━━━━━ Task input ━━━━━
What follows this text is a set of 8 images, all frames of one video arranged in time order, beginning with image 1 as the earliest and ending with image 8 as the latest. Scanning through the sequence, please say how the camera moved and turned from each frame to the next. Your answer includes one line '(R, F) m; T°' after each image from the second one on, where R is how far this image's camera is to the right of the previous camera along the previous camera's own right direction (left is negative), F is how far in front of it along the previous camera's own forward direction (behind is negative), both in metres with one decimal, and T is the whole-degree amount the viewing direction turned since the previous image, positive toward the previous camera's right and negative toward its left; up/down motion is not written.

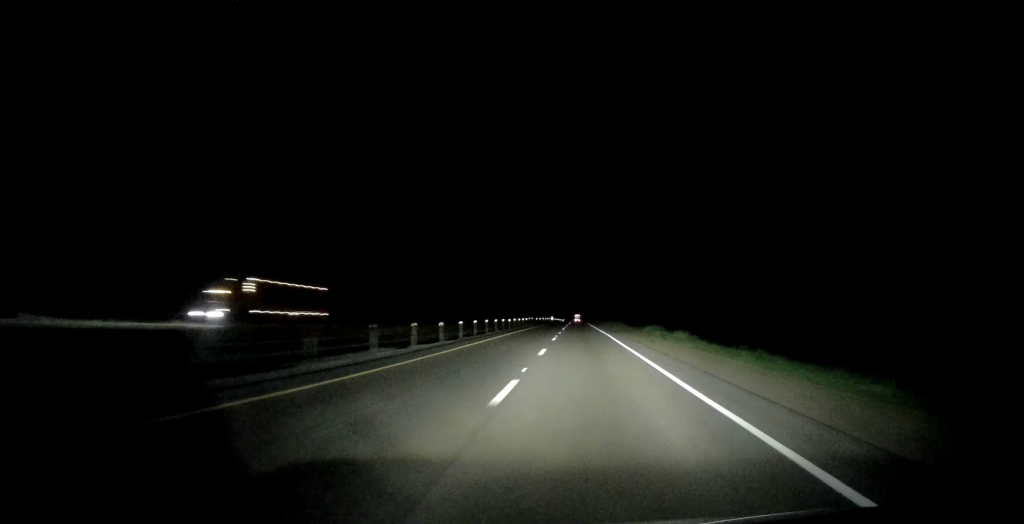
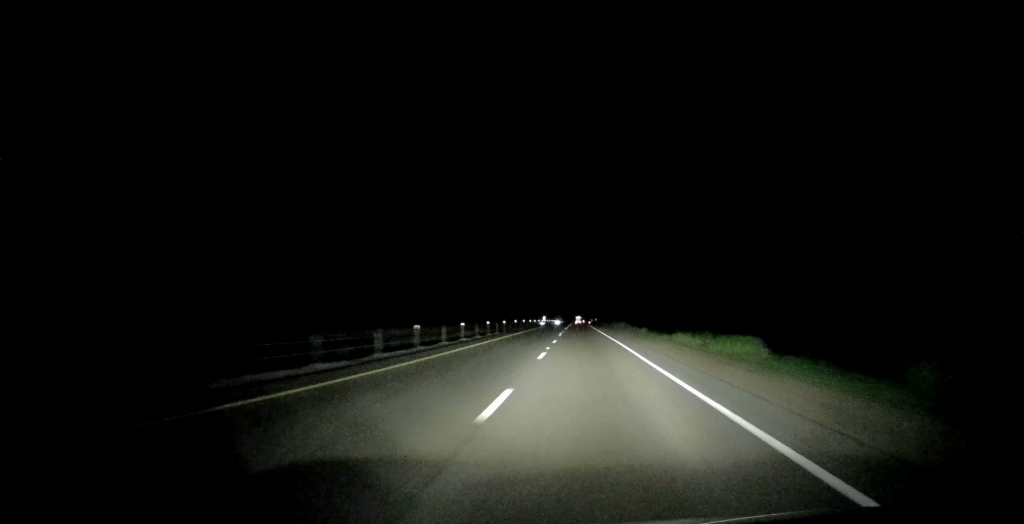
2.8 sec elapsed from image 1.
(-0.4, +86.8) m; 0°
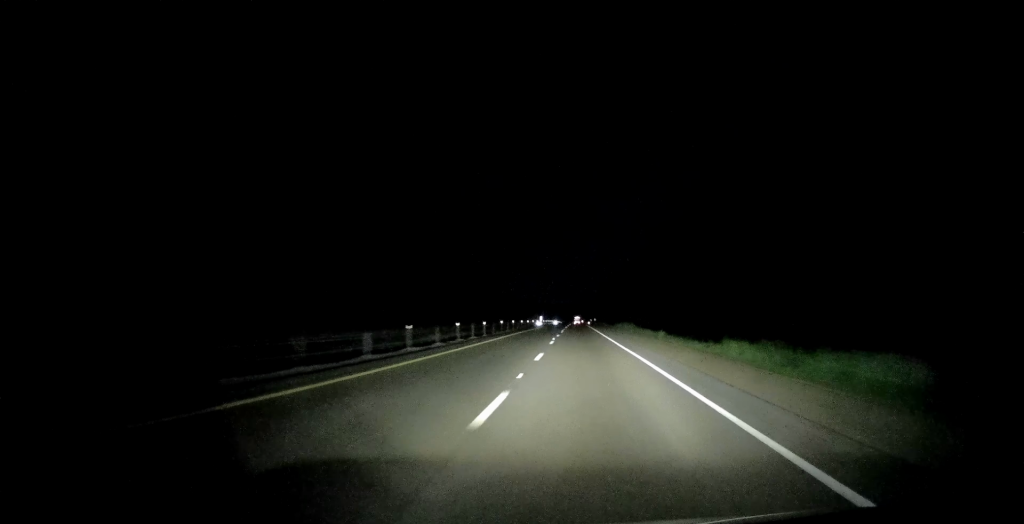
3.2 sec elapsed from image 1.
(-0.2, +12.6) m; 0°
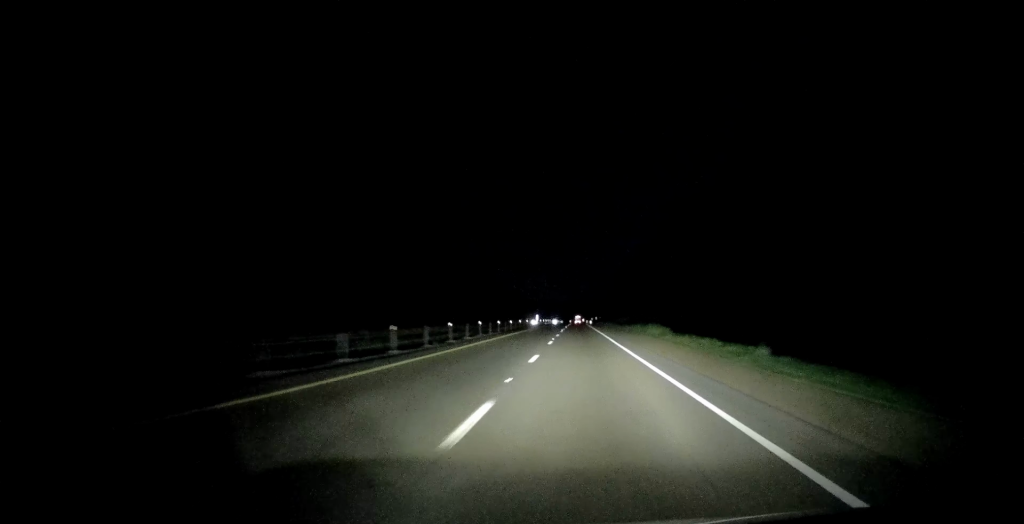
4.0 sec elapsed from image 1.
(+0.3, +25.1) m; 0°
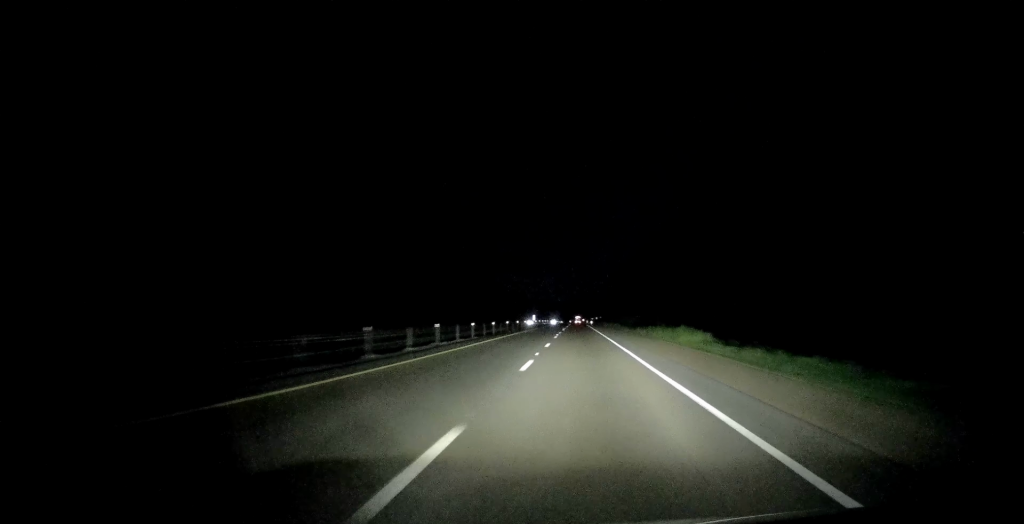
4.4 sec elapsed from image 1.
(-0.1, +14.7) m; 0°
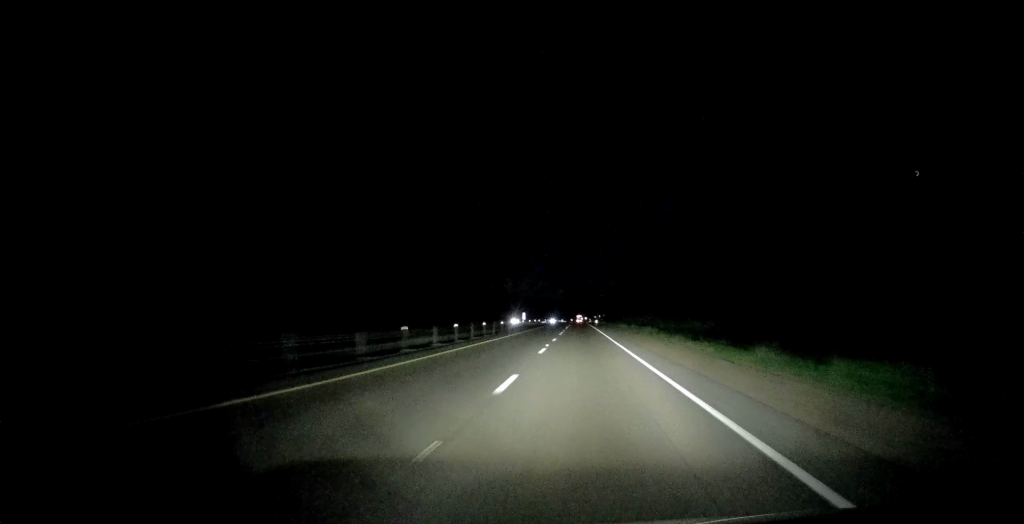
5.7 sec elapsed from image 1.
(0.0, +41.0) m; 0°
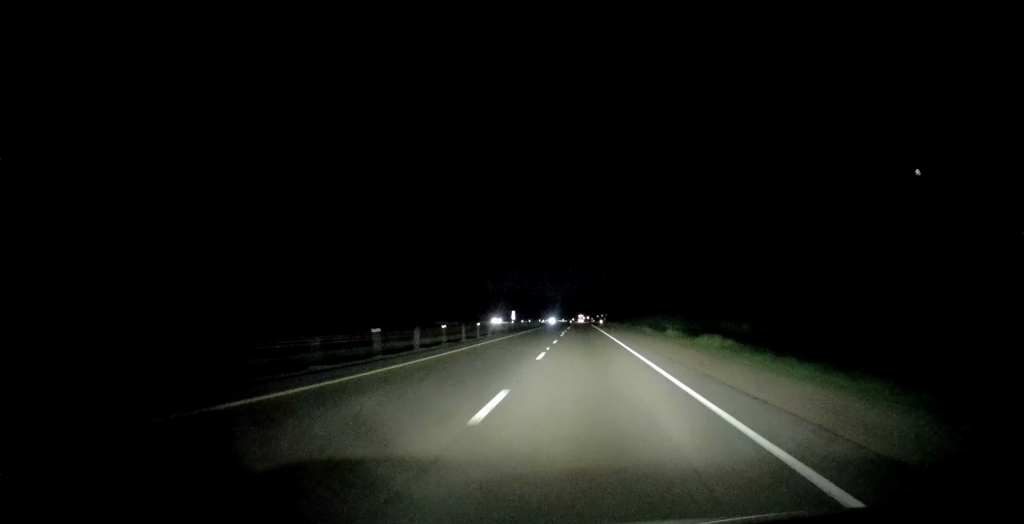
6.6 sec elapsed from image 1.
(-0.1, +27.3) m; -1°
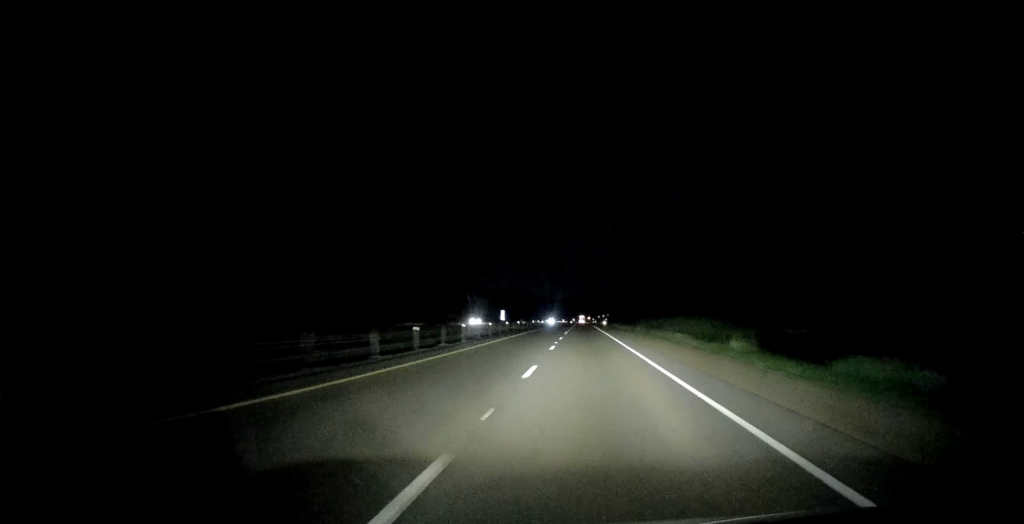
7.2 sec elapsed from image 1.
(-0.1, +17.9) m; -1°
━━━━━
--- Your task ---
Copy exactly and only this span: the line with "2.8 sec elapsed from image 1." through the final line of the entries, both ends included, with the pictures left out.

--- Solution for this problem ---
2.8 sec elapsed from image 1.
(-0.4, +86.8) m; 0°
3.2 sec elapsed from image 1.
(-0.2, +12.6) m; 0°
4.0 sec elapsed from image 1.
(+0.3, +25.1) m; 0°
4.4 sec elapsed from image 1.
(-0.1, +14.7) m; 0°
5.7 sec elapsed from image 1.
(0.0, +41.0) m; 0°
6.6 sec elapsed from image 1.
(-0.1, +27.3) m; -1°
7.2 sec elapsed from image 1.
(-0.1, +17.9) m; -1°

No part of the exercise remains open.